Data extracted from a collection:
• • • •
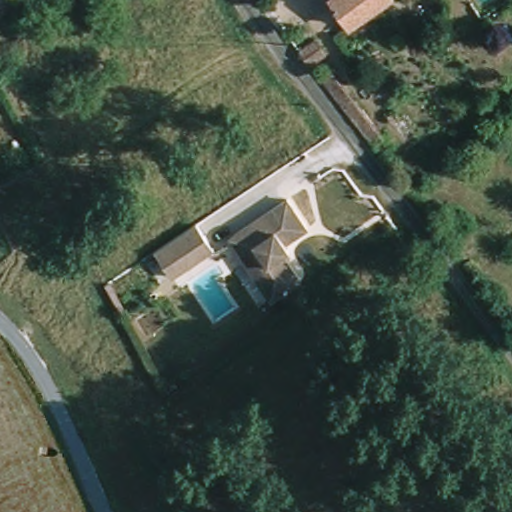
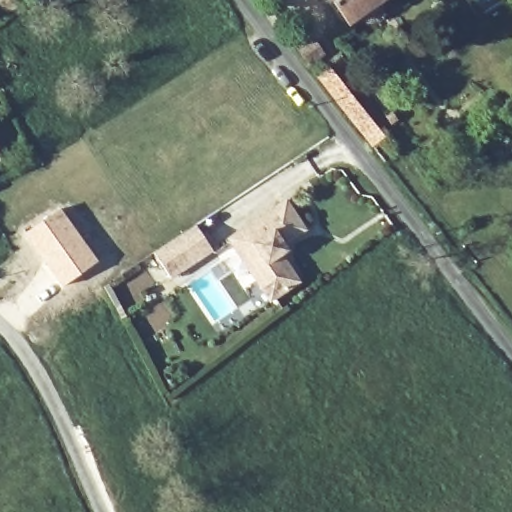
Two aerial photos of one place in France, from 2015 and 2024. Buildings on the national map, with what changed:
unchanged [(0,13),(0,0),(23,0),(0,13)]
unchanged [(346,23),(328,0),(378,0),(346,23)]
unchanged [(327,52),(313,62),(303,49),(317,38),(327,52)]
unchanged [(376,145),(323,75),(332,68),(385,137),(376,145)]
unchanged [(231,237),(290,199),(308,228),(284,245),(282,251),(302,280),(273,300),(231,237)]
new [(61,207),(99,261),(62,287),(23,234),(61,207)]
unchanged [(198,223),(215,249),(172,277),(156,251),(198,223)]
• • • •
### [Work item]
Would you write out each record above exactly, with no images?

### [Answer below]
Two aerial photos of one place in France, from 2015 and 2024. Buildings on the national map, with what changed:
unchanged [(0,13),(0,0),(23,0),(0,13)]
unchanged [(346,23),(328,0),(378,0),(346,23)]
unchanged [(327,52),(313,62),(303,49),(317,38),(327,52)]
unchanged [(376,145),(323,75),(332,68),(385,137),(376,145)]
unchanged [(231,237),(290,199),(308,228),(284,245),(282,251),(302,280),(273,300),(231,237)]
new [(61,207),(99,261),(62,287),(23,234),(61,207)]
unchanged [(198,223),(215,249),(172,277),(156,251),(198,223)]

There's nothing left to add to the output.